A Global Compact on the rights of migrant persons

“Regulating migration” must stop being equated with impeding or criminalizing migrants. In regional and international forums, we promote alternative models that guarantee their rights.

A Global Compact on migration is being debated at the UN for adoption in 2018. This is happening while hundreds of thousands of people risk their lives to migrate in a context of restrictive policies and border controls that prioritize national security. Although there are countries with laws centered around migrant rights, particularly in South America, the international scenario is generally discouraging. We are one of a diverse array of organizations working to tackle – and change – this reality, on the national front and within international forums.

In Geneva yesterday, UN specialists and representatives of social organizations analyzed strategies for implementing international standards on the rights of migrants and shared the positive experiences we have had at the national level. At this side event that we co-organized during thematic sessions on the Global Compact, four pillars of the Argentine Migration Law were highlighted: equal rights for migrants and citizens, the promotion of migratory regularization, due process, and the principle of non-detention. This legislation inspired similar reforms in Uruguay, Bolivia and, more recently, Brazil. We also discussed local initiatives to support migrants and facilitate their regularization, for instance in the city of São Paulo.
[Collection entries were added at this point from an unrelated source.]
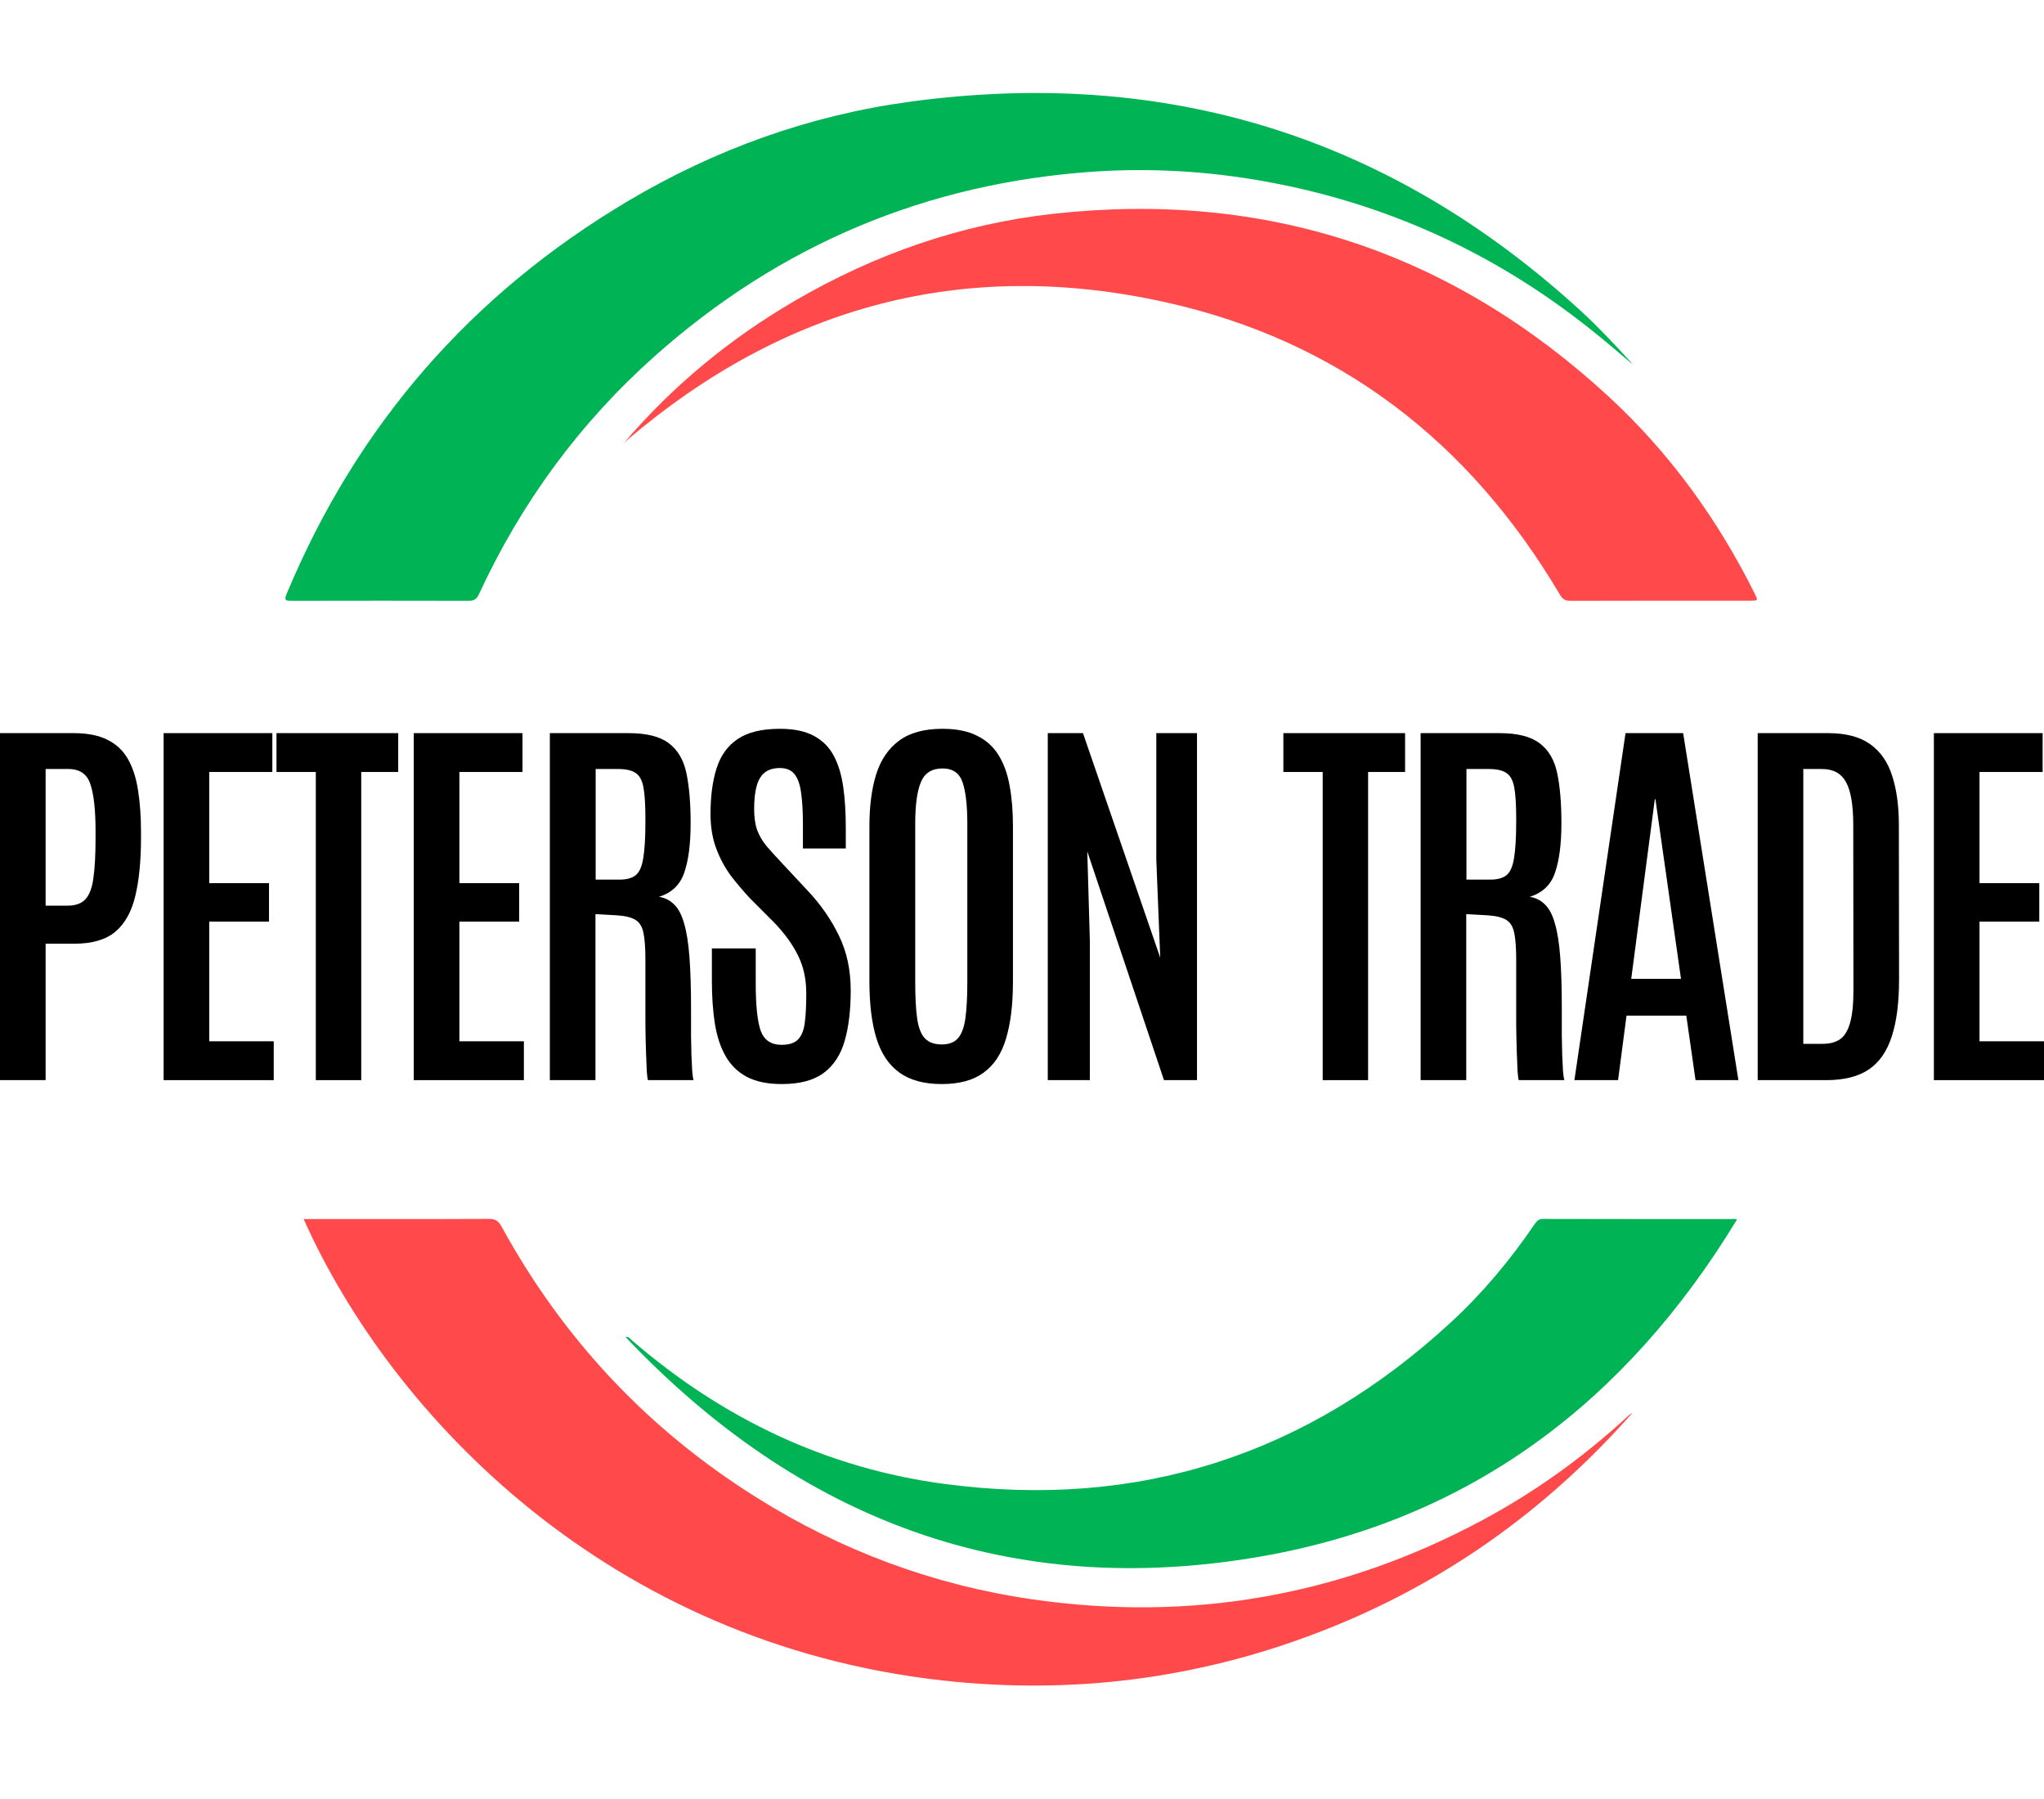 <svg width="100" height="88" viewBox="0 0 100 88" fill="none" xmlns="http://www.w3.org/2000/svg">
<g filter="url(#filter0_d_1353_1860)">
<path d="M79.862 17.261C79.165 16.682 78.481 16.081 77.769 15.523C73.064 11.79 67.769 9.379 61.861 8.321C59.12 7.827 56.351 7.663 53.575 7.842C45.375 8.392 38.186 11.396 32.036 16.868C28.356 20.144 25.502 24.042 23.431 28.519C23.317 28.762 23.189 28.841 22.925 28.841C20.042 28.834 17.16 28.834 14.277 28.841C13.978 28.841 13.885 28.827 14.028 28.491C17.473 20.237 23.053 13.842 30.712 9.293C34.997 6.747 39.617 5.088 44.543 4.423C57.077 2.728 68.061 6.125 77.414 14.729C78.246 15.495 79.015 16.324 79.777 17.154C79.812 17.19 79.834 17.226 79.862 17.261Z" fill="#00B355"/>
</g>
<g filter="url(#filter1_d_1353_1860)">
<path d="M14.855 60.18C14.997 60.18 15.104 60.18 15.21 60.18C18.113 60.18 21.015 60.187 23.924 60.173C24.23 60.173 24.379 60.266 24.529 60.531C27.545 66.048 31.706 70.478 37.02 73.806C41.16 76.404 45.655 78.078 50.492 78.78C58.239 79.903 65.587 78.622 72.501 74.922C75.083 73.541 77.452 71.838 79.614 69.849C79.693 69.777 79.771 69.705 79.863 69.662C75.624 74.464 70.552 78.064 64.584 80.368C58.623 82.673 52.463 83.453 46.125 82.752C29.821 80.941 19.18 69.856 14.855 60.18Z" fill="#FF494B"/>
</g>
<g filter="url(#filter2_d_1353_1860)">
<path d="M30.529 21.114C32.928 18.306 35.732 16 38.906 14.153C42.834 11.868 47.055 10.4 51.56 9.906C61.936 8.767 71.003 11.753 78.703 18.851C81.678 21.594 84.02 24.831 85.834 28.462C86.019 28.834 86.019 28.834 85.621 28.834C82.689 28.834 79.764 28.834 76.832 28.841C76.59 28.841 76.454 28.77 76.326 28.555C71.9 21.057 65.509 16.122 57.04 14.239C47.204 12.047 38.401 14.403 30.707 20.956C30.651 21.006 30.594 21.057 30.529 21.114Z" fill="#FF494B"/>
</g>
<g filter="url(#filter3_d_1353_1860)">
<path d="M84.989 60.188C79.561 69.132 71.919 74.908 61.674 76.688C49.444 78.812 39.107 74.922 30.605 65.95C30.754 65.915 30.825 66.029 30.911 66.108C35.343 69.939 40.444 72.377 46.243 73.142C55.705 74.393 63.972 71.713 71.002 65.214C72.546 63.791 73.883 62.183 75.064 60.452C75.178 60.288 75.27 60.166 75.505 60.174C78.579 60.181 81.645 60.181 84.719 60.181C84.776 60.166 84.832 60.174 84.989 60.188Z" fill="#00B355"/>
</g>
<path d="M0 52.836V35.862H3.607C4.281 35.862 4.832 35.972 5.262 36.19C5.692 36.402 6.025 36.717 6.263 37.135C6.5 37.553 6.663 38.061 6.753 38.659C6.849 39.257 6.898 39.935 6.898 40.694V40.993C6.898 42.111 6.805 43.057 6.619 43.828C6.439 44.593 6.115 45.175 5.647 45.574C5.179 45.966 4.512 46.162 3.646 46.162H2.232V52.836H0ZM2.232 44.301H3.309C3.694 44.301 3.983 44.198 4.175 43.992C4.374 43.78 4.505 43.433 4.569 42.95C4.64 42.462 4.675 41.806 4.675 40.983V40.655C4.675 39.633 4.592 38.871 4.425 38.37C4.265 37.868 3.906 37.617 3.348 37.617H2.232V44.301Z" fill="black"/>
<path d="M8.005 52.836V35.862H13.324V37.762H10.236V43.201H13.161V45.082H10.236V50.936H13.392V52.836H8.005Z" fill="black"/>
<path d="M15.451 52.836V37.762H13.527V35.862H19.482V37.762H17.673V52.836H15.451Z" fill="black"/>
<path d="M20.243 52.836V35.862H25.563V37.762H22.475V43.201H25.399V45.082H22.475V50.936H25.63V52.836H20.243Z" fill="black"/>
<path d="M26.901 52.836V35.862H30.748C31.64 35.862 32.3 36.029 32.73 36.364C33.166 36.692 33.452 37.184 33.586 37.839C33.721 38.489 33.788 39.295 33.788 40.26C33.788 41.289 33.683 42.102 33.471 42.7C33.266 43.291 32.855 43.68 32.24 43.867C32.541 43.918 32.791 44.047 32.99 44.252C33.195 44.452 33.355 44.76 33.471 45.178C33.593 45.59 33.679 46.136 33.731 46.818C33.782 47.493 33.808 48.335 33.808 49.344C33.808 49.434 33.808 49.602 33.808 49.846C33.808 50.09 33.808 50.367 33.808 50.675C33.814 50.984 33.821 51.292 33.827 51.601C33.84 51.903 33.853 52.167 33.865 52.392C33.885 52.617 33.907 52.765 33.933 52.836H31.701C31.682 52.791 31.662 52.649 31.643 52.411C31.63 52.167 31.617 51.852 31.605 51.466C31.592 51.08 31.582 50.646 31.576 50.164C31.576 49.675 31.576 49.161 31.576 48.621C31.576 48.075 31.576 47.522 31.576 46.962C31.576 46.377 31.544 45.934 31.48 45.632C31.416 45.323 31.284 45.111 31.085 44.995C30.886 44.873 30.582 44.799 30.171 44.773L29.132 44.715V52.836H26.901ZM29.142 43.028H30.306C30.652 43.028 30.915 42.957 31.095 42.816C31.281 42.668 31.406 42.388 31.47 41.977C31.541 41.565 31.576 40.958 31.576 40.154V40.048C31.576 39.373 31.544 38.861 31.48 38.514C31.416 38.167 31.287 37.932 31.095 37.81C30.909 37.682 30.623 37.617 30.239 37.617H29.142V43.028Z" fill="black"/>
<path d="M38.243 53.028C37.551 53.028 36.98 52.909 36.531 52.672C36.088 52.434 35.742 52.093 35.492 51.649C35.242 51.206 35.069 50.675 34.972 50.058C34.876 49.441 34.828 48.75 34.828 47.985V46.393H36.973V48.11C36.973 49.184 37.054 49.952 37.214 50.415C37.381 50.878 37.724 51.109 38.243 51.109C38.596 51.109 38.859 51.026 39.032 50.858C39.205 50.691 39.318 50.425 39.369 50.058C39.42 49.692 39.446 49.206 39.446 48.602C39.446 47.895 39.311 47.274 39.042 46.741C38.779 46.2 38.391 45.664 37.878 45.13L36.704 43.953C36.377 43.606 36.063 43.237 35.761 42.844C35.466 42.446 35.226 41.999 35.04 41.504C34.854 41.009 34.761 40.446 34.761 39.816C34.761 38.948 34.86 38.203 35.059 37.579C35.258 36.955 35.601 36.48 36.088 36.152C36.582 35.817 37.272 35.65 38.157 35.65C38.843 35.65 39.398 35.766 39.821 35.997C40.244 36.222 40.568 36.547 40.792 36.971C41.017 37.396 41.171 37.904 41.254 38.495C41.338 39.087 41.379 39.749 41.379 40.482V41.504H39.282V40.337C39.282 39.72 39.253 39.209 39.196 38.804C39.144 38.392 39.038 38.084 38.878 37.878C38.718 37.672 38.477 37.569 38.157 37.569C37.855 37.569 37.611 37.64 37.425 37.781C37.24 37.923 37.105 38.142 37.022 38.437C36.938 38.727 36.896 39.103 36.896 39.566C36.896 39.977 36.944 40.321 37.041 40.597C37.143 40.874 37.297 41.138 37.502 41.388C37.714 41.633 37.971 41.915 38.272 42.237L39.523 43.577C40.158 44.252 40.664 44.982 41.043 45.767C41.427 46.551 41.62 47.445 41.62 48.447C41.62 49.418 41.52 50.245 41.322 50.926C41.123 51.608 40.78 52.128 40.292 52.488C39.805 52.848 39.122 53.028 38.243 53.028Z" fill="black"/>
<path d="M46.075 53.028C45.215 53.028 44.526 52.842 44.006 52.469C43.487 52.096 43.112 51.54 42.881 50.801C42.65 50.055 42.535 49.126 42.535 48.014V40.414C42.535 39.437 42.644 38.595 42.862 37.888C43.086 37.174 43.458 36.624 43.977 36.238C44.497 35.846 45.209 35.65 46.113 35.65C46.793 35.65 47.354 35.763 47.797 35.988C48.246 36.206 48.598 36.525 48.855 36.942C49.111 37.354 49.291 37.852 49.394 38.437C49.503 39.022 49.557 39.681 49.557 40.414V48.014C49.557 49.126 49.445 50.055 49.22 50.801C49.002 51.54 48.637 52.096 48.124 52.469C47.617 52.842 46.934 53.028 46.075 53.028ZM46.075 51.09C46.421 51.09 46.684 50.99 46.864 50.791C47.043 50.592 47.165 50.267 47.229 49.817C47.293 49.367 47.325 48.772 47.325 48.033V40.298C47.325 39.398 47.248 38.723 47.094 38.273C46.941 37.817 46.613 37.589 46.113 37.589C45.594 37.589 45.241 37.81 45.055 38.254C44.869 38.698 44.776 39.376 44.776 40.289V48.033C44.776 48.779 44.808 49.377 44.872 49.827C44.936 50.27 45.061 50.592 45.247 50.791C45.44 50.99 45.715 51.09 46.075 51.09Z" fill="black"/>
<path d="M51.261 52.836V35.862H52.983L56.763 46.847L56.571 42.054V35.862H58.562V52.836H56.946L53.194 41.649L53.319 45.998V52.836H51.261Z" fill="black"/>
<path d="M64.711 52.836V37.762H62.787V35.862H68.742V37.762H66.933V52.836H64.711Z" fill="black"/>
<path d="M69.502 52.836V35.862H73.35C74.242 35.862 74.902 36.029 75.332 36.364C75.768 36.692 76.054 37.184 76.188 37.839C76.323 38.489 76.39 39.295 76.39 40.26C76.39 41.289 76.284 42.102 76.073 42.7C75.868 43.291 75.457 43.68 74.841 43.867C75.143 43.918 75.393 44.047 75.592 44.252C75.797 44.452 75.957 44.76 76.073 45.178C76.195 45.59 76.281 46.136 76.333 46.818C76.384 47.493 76.409 48.335 76.409 49.344C76.409 49.434 76.409 49.602 76.409 49.846C76.409 50.09 76.409 50.367 76.409 50.675C76.416 50.984 76.422 51.292 76.429 51.601C76.442 51.903 76.454 52.167 76.467 52.392C76.487 52.617 76.509 52.765 76.535 52.836H74.303C74.284 52.791 74.264 52.649 74.245 52.411C74.232 52.167 74.219 51.852 74.207 51.466C74.194 51.08 74.184 50.646 74.178 50.164C74.178 49.675 74.178 49.161 74.178 48.621C74.178 48.075 74.178 47.522 74.178 46.962C74.178 46.377 74.146 45.934 74.082 45.632C74.017 45.323 73.886 45.111 73.687 44.995C73.488 44.873 73.184 44.799 72.773 44.773L71.734 44.715V52.836H69.502ZM71.744 43.028H72.908C73.254 43.028 73.517 42.957 73.697 42.816C73.883 42.668 74.008 42.388 74.072 41.977C74.142 41.565 74.178 40.958 74.178 40.154V40.048C74.178 39.373 74.146 38.861 74.082 38.514C74.017 38.167 73.889 37.932 73.697 37.81C73.511 37.682 73.225 37.617 72.841 37.617H71.744V43.028Z" fill="black"/>
<path d="M77.026 52.836L79.527 35.862H82.346L85.049 52.836H82.952L82.5 49.682H79.575L79.162 52.836H77.026ZM79.806 47.879H82.24L80.989 39.093H80.96L79.806 47.879Z" fill="black"/>
<path d="M85.993 52.836V35.862H89.436C90.309 35.862 90.995 36.042 91.495 36.402C92.002 36.762 92.361 37.28 92.573 37.955C92.791 38.624 92.9 39.427 92.9 40.366L92.909 47.907C92.909 49.039 92.791 49.968 92.553 50.694C92.323 51.421 91.947 51.961 91.428 52.315C90.908 52.662 90.219 52.836 89.359 52.836H85.993ZM88.224 51.061H89.167C89.507 51.061 89.786 50.99 90.004 50.849C90.228 50.701 90.395 50.437 90.504 50.058C90.62 49.679 90.677 49.132 90.677 48.419L90.668 40.366C90.668 39.382 90.549 38.678 90.312 38.254C90.081 37.83 89.69 37.617 89.138 37.617H88.224V51.061Z" fill="black"/>
<path d="M94.613 52.836V35.862H99.933V37.762H96.845V43.201H99.769V45.082H96.845V50.936H100V52.836H94.613Z" fill="black"/>
<defs>
<filter id="filter0_d_1353_1860" x="10.303" y="0.89" width="73.218" height="32.159" filterUnits="userSpaceOnUse" color-interpolation-filters="sRGB">
<feFlood flood-opacity="0" result="BackgroundImageFix"/>
<feColorMatrix in="SourceAlpha" type="matrix" values="0 0 0 0 0 0 0 0 0 0 0 0 0 0 0 0 0 0 127 0" result="hardAlpha"/>
<feOffset dy="0.549"/>
<feGaussianBlur stdDeviation="1.829"/>
<feComposite in2="hardAlpha" operator="out"/>
<feColorMatrix type="matrix" values="0 0 0 0 0 0 0 0 0 0 0 0 0 0 0 0 0 0 0.2 0"/>
<feBlend mode="normal" in2="BackgroundImageFix" result="effect1_dropShadow_1353_1860"/>
<feBlend mode="normal" in="SourceGraphic" in2="effect1_dropShadow_1353_1860" result="shape"/>
</filter>
<filter id="filter1_d_1353_1860" x="9.824" y="54.593" width="75.071" height="32.889" filterUnits="userSpaceOnUse" color-interpolation-filters="sRGB">
<feFlood flood-opacity="0" result="BackgroundImageFix"/>
<feColorMatrix in="SourceAlpha" type="matrix" values="0 0 0 0 0 0 0 0 0 0 0 0 0 0 0 0 0 0 127 0" result="hardAlpha"/>
<feOffset dy="-0.549"/>
<feGaussianBlur stdDeviation="2.515"/>
<feComposite in2="hardAlpha" operator="out"/>
<feColorMatrix type="matrix" values="0 0 0 0 0 0 0 0 0 0 0 0 0 0 0 0 0 0 0.2 0"/>
<feBlend mode="normal" in2="BackgroundImageFix" result="effect1_dropShadow_1353_1860"/>
<feBlend mode="normal" in="SourceGraphic" in2="effect1_dropShadow_1353_1860" result="shape"/>
</filter>
<filter id="filter2_d_1353_1860" x="26.871" y="6.56" width="62.742" height="26.49" filterUnits="userSpaceOnUse" color-interpolation-filters="sRGB">
<feFlood flood-opacity="0" result="BackgroundImageFix"/>
<feColorMatrix in="SourceAlpha" type="matrix" values="0 0 0 0 0 0 0 0 0 0 0 0 0 0 0 0 0 0 127 0" result="hardAlpha"/>
<feOffset dy="0.549"/>
<feGaussianBlur stdDeviation="1.829"/>
<feComposite in2="hardAlpha" operator="out"/>
<feColorMatrix type="matrix" values="0 0 0 0 0 0 0 0 0 0 0 0 0 0 0 0 0 0 0.2 0"/>
<feBlend mode="normal" in2="BackgroundImageFix" result="effect1_dropShadow_1353_1860"/>
<feBlend mode="normal" in="SourceGraphic" in2="effect1_dropShadow_1353_1860" result="shape"/>
</filter>
<filter id="filter3_d_1353_1860" x="25.574" y="54.593" width="64.446" height="27.145" filterUnits="userSpaceOnUse" color-interpolation-filters="sRGB">
<feFlood flood-opacity="0" result="BackgroundImageFix"/>
<feColorMatrix in="SourceAlpha" type="matrix" values="0 0 0 0 0 0 0 0 0 0 0 0 0 0 0 0 0 0 127 0" result="hardAlpha"/>
<feOffset dy="-0.549"/>
<feGaussianBlur stdDeviation="2.515"/>
<feComposite in2="hardAlpha" operator="out"/>
<feColorMatrix type="matrix" values="0 0 0 0 0 0 0 0 0 0 0 0 0 0 0 0 0 0 0.2 0"/>
<feBlend mode="normal" in2="BackgroundImageFix" result="effect1_dropShadow_1353_1860"/>
<feBlend mode="normal" in="SourceGraphic" in2="effect1_dropShadow_1353_1860" result="shape"/>
</filter>
</defs>
</svg>

For years CELS has been working in alliance with other organizations to influence international standards and debates. The framework for drafting an unprecedented inter-governmental Global Compact on migration was established in the New York Declaration adopted by the UN General Assembly this past September in a High-Level Summit. Thanks in part to contributions from our organizations, member states made a commitment to review the negative consequences of their migration policies and incorporated regularization into the Global Compact agenda.

However, many aspects of the New York Declaration contradict international human rights standards, such as allowing the detention of minors. It is very important that states recognize that restrictive policies are a structural cause of migratory irregularity and that access to national documentation is essential for the effective exercise of rights. We are still far from this objective.

Along with social actors from Brazil, Chile and Mexico, we have taken our concrete experiences and the standards achieved in the Inter-American Human Rights System to the global debates. In addition to advocacy work with states, we forged a strategic alliance with the Office of the High Commissioner for Human Rights and are actively participating in the creation of principles and directives for the protection of migrant persons in situations of vulnerability. We are also collaborating with the office of the UN Special Rapporteurship on the human rights of migrants, which is preparing its own contributions to the process of drafting the Global Compact.

Efforts to focus migration policy on the protection of the human rights of migrants are needed more than ever. And the participation of a broad base of actors with on-the -ground experience and legitimacy at the national level is essential.